# Dataset entries
______

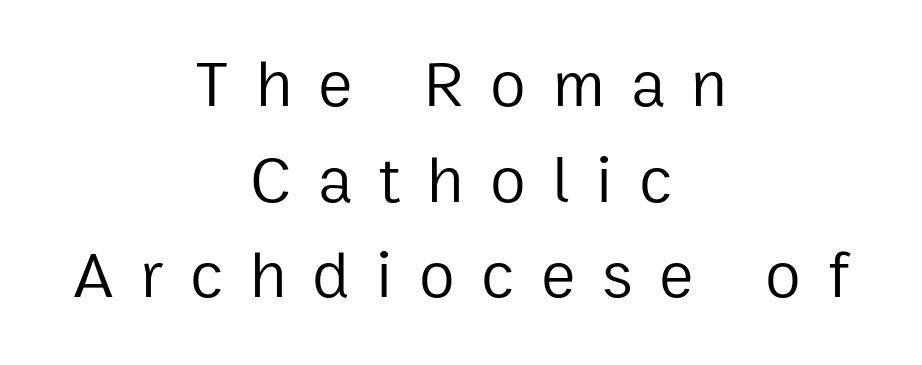
Q: Is the text bold? A: No.
Q: Is the text italic (slanted)? A: No, it is upright.
Q: Is the typeface a serif or a sans-serif typeface? A: Sans-serif.
Q: Is the text underlined? A: No.
Q: How is the paragraph aligned? A: Centered.
Q: Is the spacing between letters normal or unusually wide? A: Unusually wide.
Q: Is the spacing between lines tight, normal or loose? A: Normal.
Q: Width (condensed, normal, or wide)? A: Normal.
Q: Stroke contrast? A: Low.
Q: x-height? A: Medium.
Q: Monospaced? A: No.
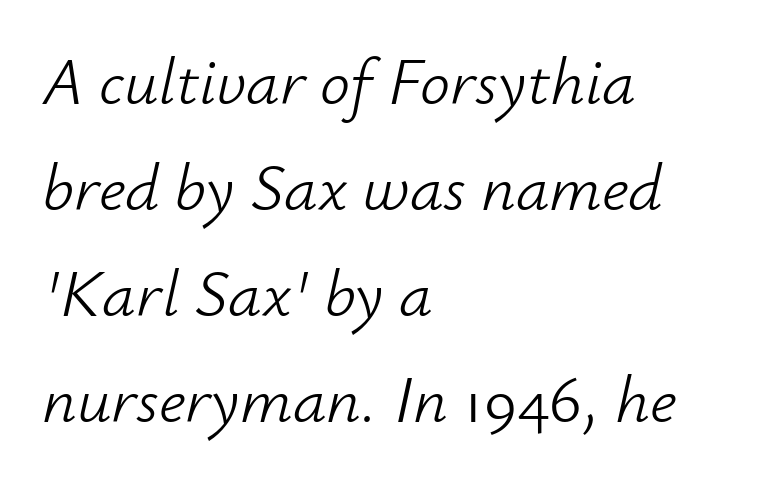
Q: Is the text bold? A: No.
Q: Is the text italic (slanted)? A: Yes, it leans right by about 12 degrees.
Q: Is the text underlined? A: No.
Q: How is the paragraph aligned? A: Left-aligned.
Q: Is the spacing between letters normal or unusually wide? A: Normal.
Q: Is the spacing between lines tight, normal or loose? A: Normal.
Q: Width (condensed, normal, or wide)? A: Normal.
Q: Stroke contrast? A: Low.
Q: x-height? A: Small.
Q: Monospaced? A: No.
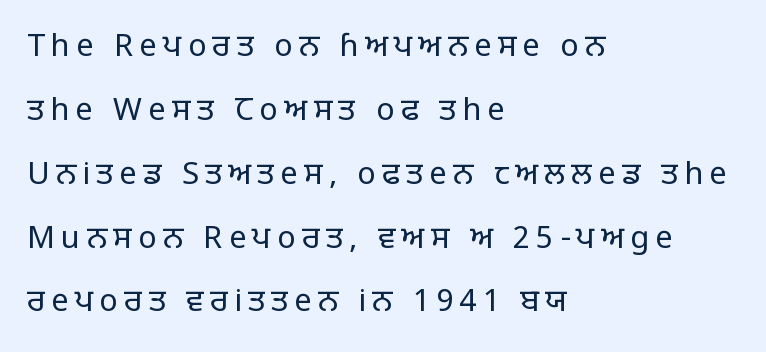
{"serif": "no", "italic": "no", "bold": "no", "weight": "regular", "width": "normal", "stroke_contrast": "low", "x_height": "large", "monospaced": "no", "underline": "no", "align": "left", "line_spacing": "loose", "line_spacing_ratio": 2.06, "letter_spacing": "wide", "letter_spacing_em": 0.2, "glyph_px": 31}
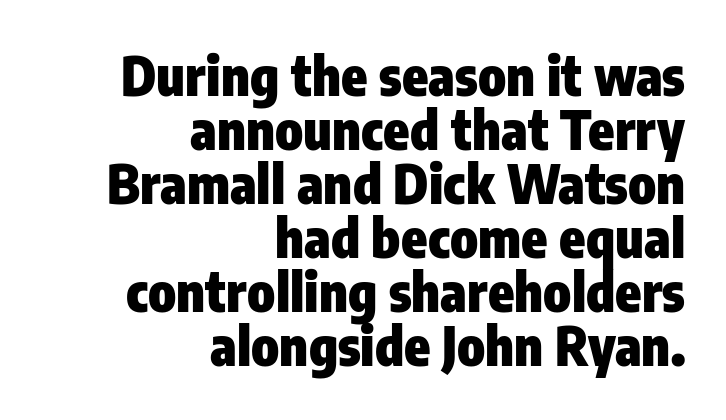
{"serif": "no", "italic": "no", "bold": "yes", "weight": "heavy", "width": "condensed", "stroke_contrast": "low", "x_height": "medium", "monospaced": "no", "underline": "no", "align": "right", "line_spacing": "tight", "line_spacing_ratio": 1.02, "letter_spacing": "normal", "letter_spacing_em": 0.0, "glyph_px": 53}
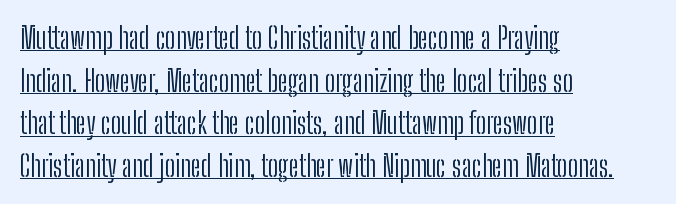
Q: Is the text bold? A: No.
Q: Is the text italic (slanted)? A: No, it is upright.
Q: Is the typeface a serif or a sans-serif typeface? A: Sans-serif.
Q: Is the text underlined? A: Yes.
Q: How is the paragraph aligned? A: Left-aligned.
Q: Is the spacing between letters normal or unusually wide? A: Normal.
Q: Is the spacing between lines tight, normal or loose? A: Normal.
Q: Width (condensed, normal, or wide)? A: Condensed.
Q: Stroke contrast? A: Low.
Q: x-height? A: Medium.
Q: Monospaced? A: No.
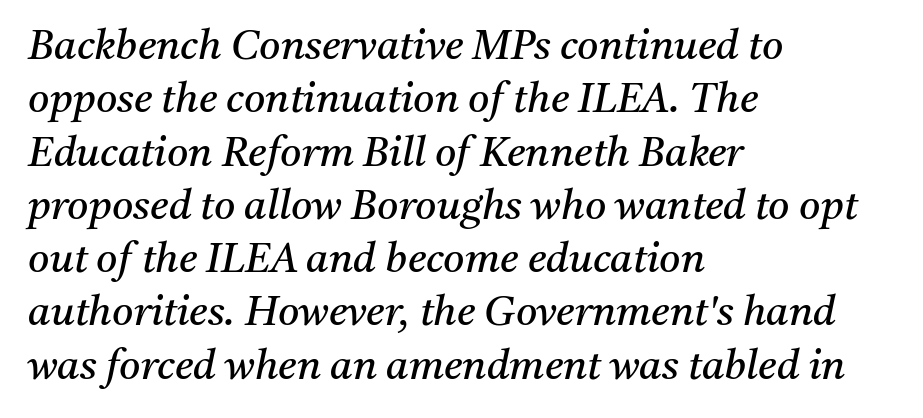
Q: Is the text bold? A: No.
Q: Is the text italic (slanted)? A: Yes, it leans right by about 11 degrees.
Q: Is the typeface a serif or a sans-serif typeface? A: Serif.
Q: Is the text underlined? A: No.
Q: How is the paragraph aligned? A: Left-aligned.
Q: Is the spacing between letters normal or unusually wide? A: Normal.
Q: Is the spacing between lines tight, normal or loose? A: Normal.
Q: Width (condensed, normal, or wide)? A: Normal.
Q: Stroke contrast? A: Medium.
Q: x-height? A: Medium.
Q: Monospaced? A: No.
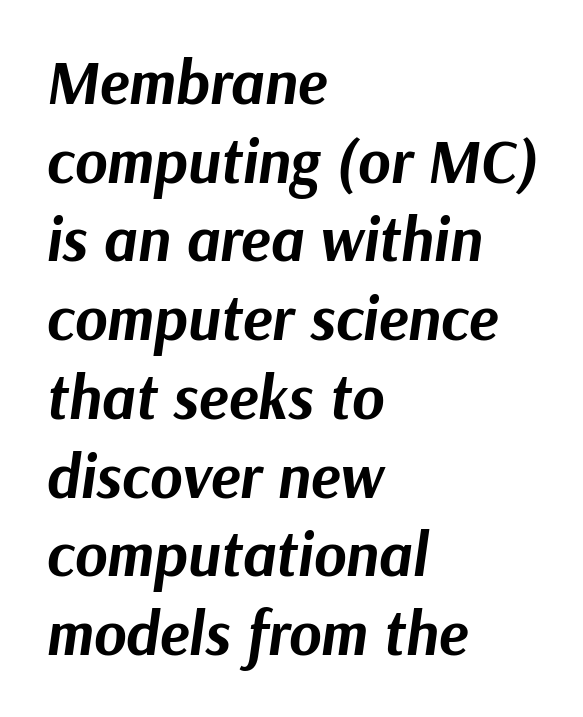
The image shows 62 px bold type, italic (leaning right); set left-aligned, normal line spacing (1.27x), normal letter spacing, not underlined; medium stroke contrast and a medium x-height.
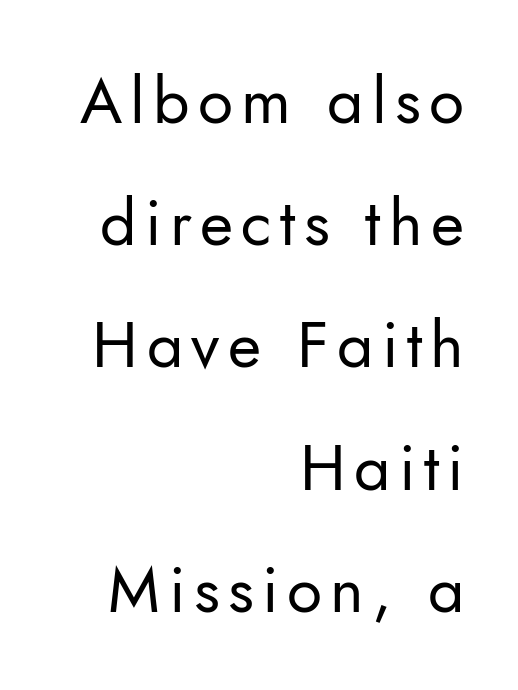
{"serif": "no", "italic": "no", "bold": "no", "weight": "regular", "width": "normal", "stroke_contrast": "low", "x_height": "small", "monospaced": "no", "underline": "no", "align": "right", "line_spacing": "loose", "line_spacing_ratio": 1.91, "glyph_px": 64}
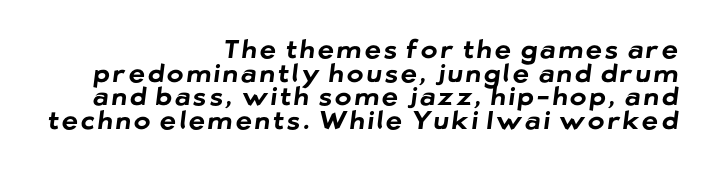
{"bold": "yes", "underline": "no", "align": "right", "line_spacing": "tight", "line_spacing_ratio": 0.95, "glyph_px": 25}
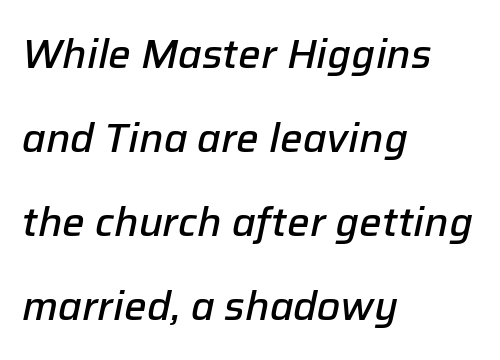
The image shows 40 px semibold type, italic (leaning right); set left-aligned, loose line spacing (2.1x), normal letter spacing, not underlined; low stroke contrast and a medium x-height.
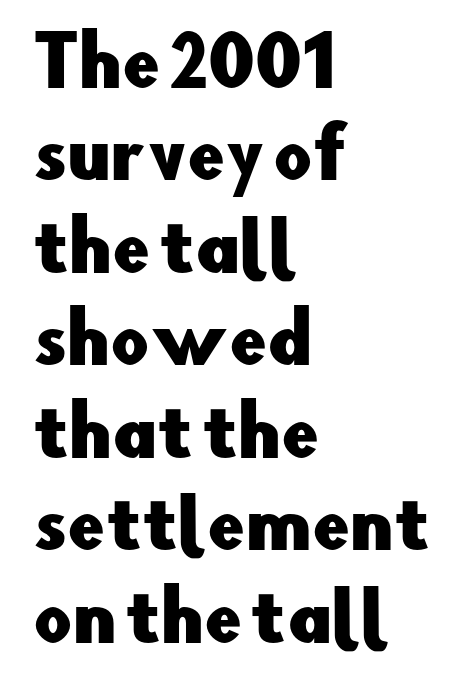
Q: Is the text italic (slanted)? A: No, it is upright.
Q: Is the typeface a serif or a sans-serif typeface? A: Sans-serif.
Q: Is the text underlined? A: No.
Q: How is the paragraph aligned? A: Left-aligned.
Q: Is the spacing between letters normal or unusually wide? A: Normal.
Q: Is the spacing between lines tight, normal or loose? A: Normal.
Q: Width (condensed, normal, or wide)? A: Normal.
Q: Stroke contrast? A: Low.
Q: x-height? A: Small.
Q: Monospaced? A: No.
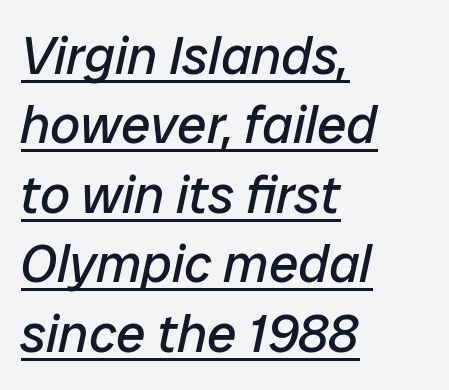
{"italic": "yes", "lean": "right", "slant_degrees": 12, "bold": "no", "weight": "regular", "width": "normal", "stroke_contrast": "low", "x_height": "medium", "monospaced": "no", "underline": "yes", "align": "left", "line_spacing": "normal", "line_spacing_ratio": 1.31, "letter_spacing": "normal", "letter_spacing_em": 0.0, "glyph_px": 53}
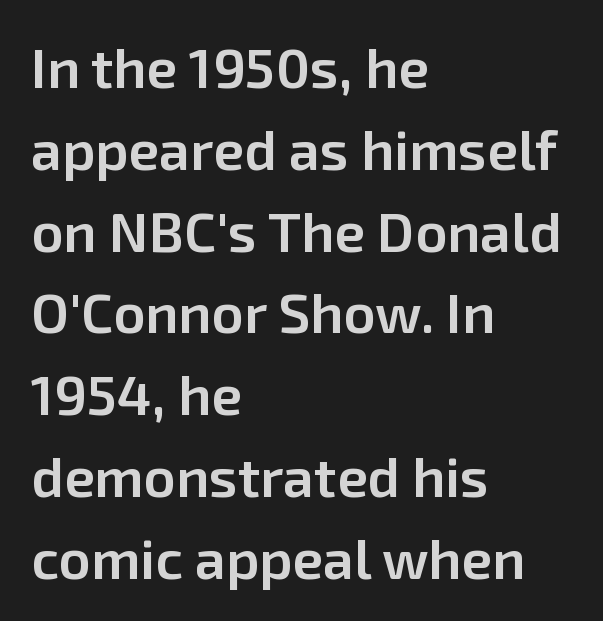
The leading is moderate, giving the passage an even texture. Serifs: no, the terminals of the letterforms are clean. Standard letterfit; no display-style spreading of the glyphs. In terms of posture, this sample is upright. The zone under the glyphs is completely vacant.
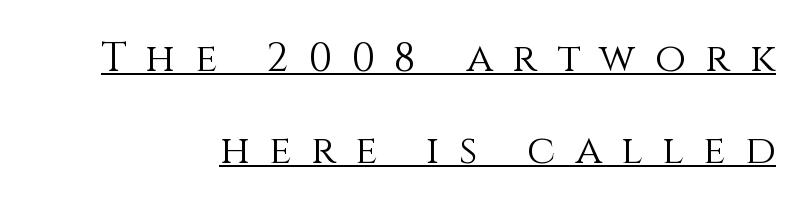
The glyphs are accompanied by a horizontal stroke just below them. Spacing between characters has been opened up far beyond the box default. The typeface has the unassuming heft of standard copy or less. Every character sits straight up, as roman type does. Horizontal bands of white between lines are thick stripes.
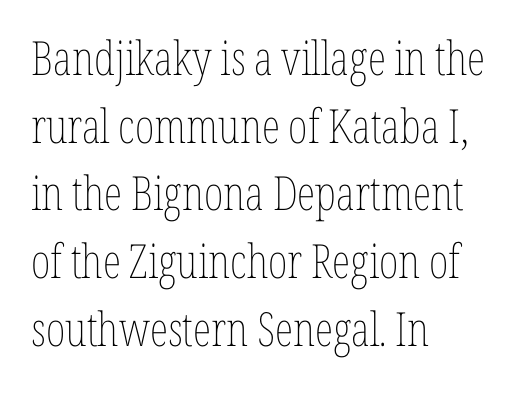
The image shows 47 px thin, condensed type, upright; set left-aligned, normal line spacing (1.44x), normal letter spacing, not underlined; low stroke contrast and a medium x-height.
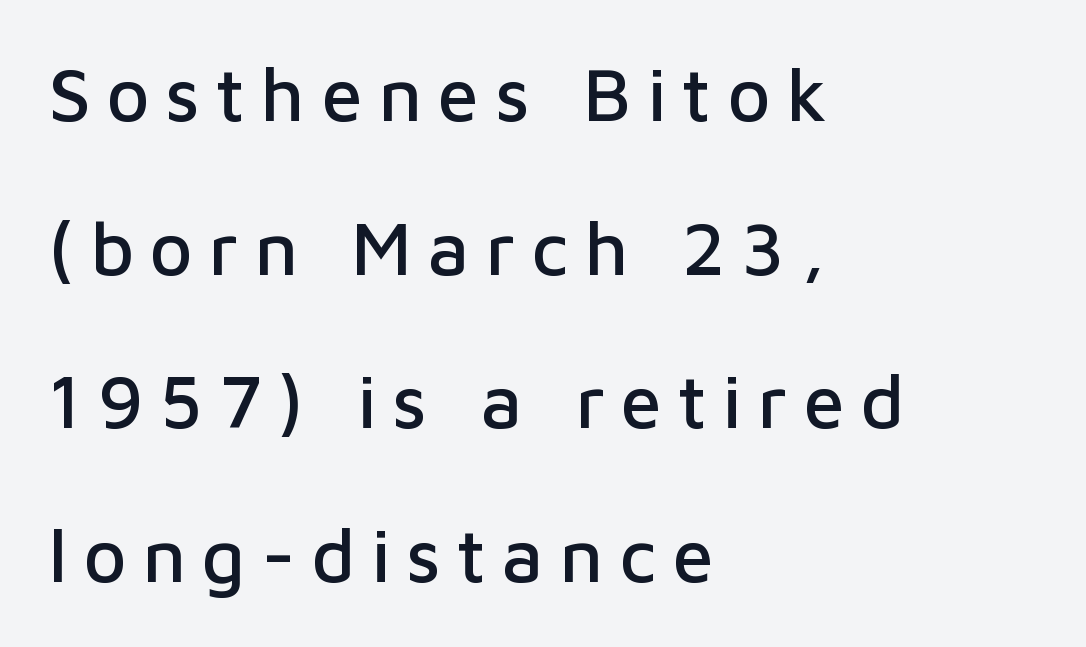
The image shows 75 px sans-serif type, upright; set left-aligned, loose line spacing (2.05x), unusually wide letter spacing (+0.21 em), not underlined; low stroke contrast and a medium x-height.
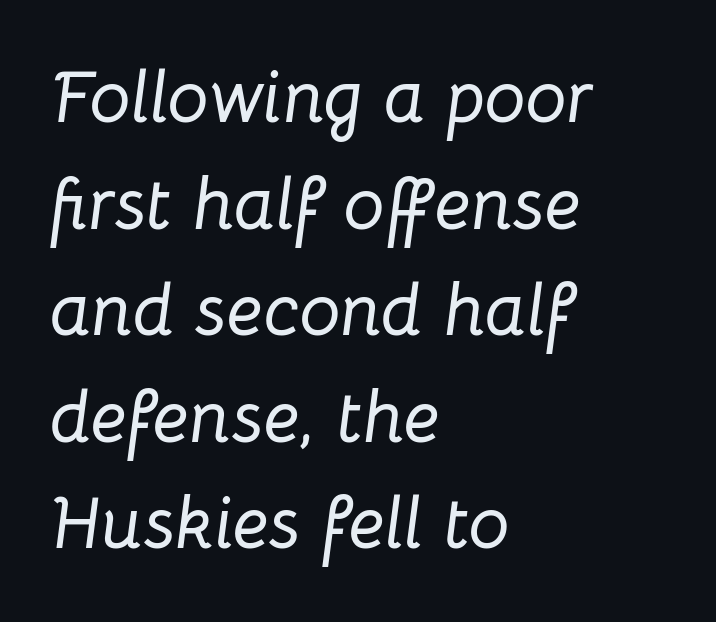
Evenly set lines give the paragraph a standard silhouette. These lines are rendered in a variable-pitch font. Words float on clear page, feet unadorned. Observe the ordinary spacing: letters are neighbours, not strangers. The specimen reads as italic at a glance.
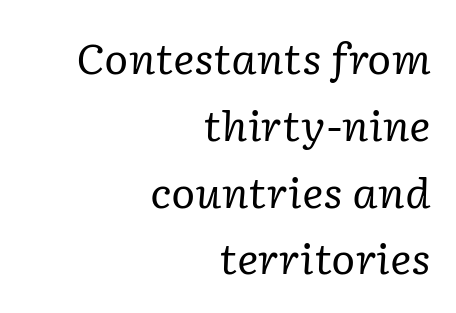
The image shows 41 px regular-weight serif type, italic (leaning right); set right-aligned, normal line spacing (1.63x), normal letter spacing, not underlined; low stroke contrast and a medium x-height.

______

# Task objective
Pictures aside, reproduce the listing above exactly.

# Answer section
Q: Is the text bold? A: No.
Q: Is the text italic (slanted)? A: No, it is upright.
Q: Is the typeface a serif or a sans-serif typeface? A: Sans-serif.
Q: Is the text underlined? A: No.
Q: How is the paragraph aligned? A: Centered.
Q: Is the spacing between letters normal or unusually wide? A: Unusually wide.
Q: Is the spacing between lines tight, normal or loose? A: Normal.
Q: Width (condensed, normal, or wide)? A: Normal.
Q: Stroke contrast? A: Low.
Q: x-height? A: Medium.
Q: Monospaced? A: No.
Q: Is the text bold? A: No.
Q: Is the text italic (slanted)? A: Yes, it leans right by about 12 degrees.
Q: Is the text underlined? A: No.
Q: How is the paragraph aligned? A: Left-aligned.
Q: Is the spacing between letters normal or unusually wide? A: Normal.
Q: Is the spacing between lines tight, normal or loose? A: Normal.
Q: Width (condensed, normal, or wide)? A: Normal.
Q: Stroke contrast? A: Low.
Q: x-height? A: Small.
Q: Monospaced? A: No.
{"serif": "no", "italic": "no", "bold": "no", "weight": "regular", "width": "normal", "stroke_contrast": "low", "x_height": "large", "monospaced": "no", "underline": "no", "align": "left", "line_spacing": "loose", "line_spacing_ratio": 2.06, "letter_spacing": "wide", "letter_spacing_em": 0.2, "glyph_px": 31}
{"serif": "no", "italic": "no", "bold": "yes", "weight": "heavy", "width": "condensed", "stroke_contrast": "low", "x_height": "medium", "monospaced": "no", "underline": "no", "align": "right", "line_spacing": "tight", "line_spacing_ratio": 1.02, "letter_spacing": "normal", "letter_spacing_em": 0.0, "glyph_px": 53}
Q: Is the text bold? A: No.
Q: Is the text italic (slanted)? A: No, it is upright.
Q: Is the typeface a serif or a sans-serif typeface? A: Sans-serif.
Q: Is the text underlined? A: Yes.
Q: How is the paragraph aligned? A: Left-aligned.
Q: Is the spacing between letters normal or unusually wide? A: Normal.
Q: Is the spacing between lines tight, normal or loose? A: Normal.
Q: Width (condensed, normal, or wide)? A: Condensed.
Q: Stroke contrast? A: Low.
Q: x-height? A: Medium.
Q: Monospaced? A: No.
Q: Is the text bold? A: No.
Q: Is the text italic (slanted)? A: Yes, it leans right by about 11 degrees.
Q: Is the typeface a serif or a sans-serif typeface? A: Serif.
Q: Is the text underlined? A: No.
Q: How is the paragraph aligned? A: Left-aligned.
Q: Is the spacing between letters normal or unusually wide? A: Normal.
Q: Is the spacing between lines tight, normal or loose? A: Normal.
Q: Width (condensed, normal, or wide)? A: Normal.
Q: Stroke contrast? A: Medium.
Q: x-height? A: Medium.
Q: Monospaced? A: No.
The image shows 62 px bold type, italic (leaning right); set left-aligned, normal line spacing (1.27x), normal letter spacing, not underlined; medium stroke contrast and a medium x-height.
{"serif": "no", "italic": "no", "bold": "no", "weight": "regular", "width": "normal", "stroke_contrast": "low", "x_height": "small", "monospaced": "no", "underline": "no", "align": "right", "line_spacing": "loose", "line_spacing_ratio": 1.91, "glyph_px": 64}
{"bold": "yes", "underline": "no", "align": "right", "line_spacing": "tight", "line_spacing_ratio": 0.95, "glyph_px": 25}
The image shows 40 px semibold type, italic (leaning right); set left-aligned, loose line spacing (2.1x), normal letter spacing, not underlined; low stroke contrast and a medium x-height.
Q: Is the text italic (slanted)? A: No, it is upright.
Q: Is the typeface a serif or a sans-serif typeface? A: Sans-serif.
Q: Is the text underlined? A: No.
Q: How is the paragraph aligned? A: Left-aligned.
Q: Is the spacing between letters normal or unusually wide? A: Normal.
Q: Is the spacing between lines tight, normal or loose? A: Normal.
Q: Width (condensed, normal, or wide)? A: Normal.
Q: Stroke contrast? A: Low.
Q: x-height? A: Small.
Q: Monospaced? A: No.
{"italic": "yes", "lean": "right", "slant_degrees": 12, "bold": "no", "weight": "regular", "width": "normal", "stroke_contrast": "low", "x_height": "medium", "monospaced": "no", "underline": "yes", "align": "left", "line_spacing": "normal", "line_spacing_ratio": 1.31, "letter_spacing": "normal", "letter_spacing_em": 0.0, "glyph_px": 53}
The leading is moderate, giving the passage an even texture. Serifs: no, the terminals of the letterforms are clean. Standard letterfit; no display-style spreading of the glyphs. In terms of posture, this sample is upright. The zone under the glyphs is completely vacant.
The glyphs are accompanied by a horizontal stroke just below them. Spacing between characters has been opened up far beyond the box default. The typeface has the unassuming heft of standard copy or less. Every character sits straight up, as roman type does. Horizontal bands of white between lines are thick stripes.
The image shows 47 px thin, condensed type, upright; set left-aligned, normal line spacing (1.44x), normal letter spacing, not underlined; low stroke contrast and a medium x-height.
The image shows 75 px sans-serif type, upright; set left-aligned, loose line spacing (2.05x), unusually wide letter spacing (+0.21 em), not underlined; low stroke contrast and a medium x-height.
Evenly set lines give the paragraph a standard silhouette. These lines are rendered in a variable-pitch font. Words float on clear page, feet unadorned. Observe the ordinary spacing: letters are neighbours, not strangers. The specimen reads as italic at a glance.
The image shows 41 px regular-weight serif type, italic (leaning right); set right-aligned, normal line spacing (1.63x), normal letter spacing, not underlined; low stroke contrast and a medium x-height.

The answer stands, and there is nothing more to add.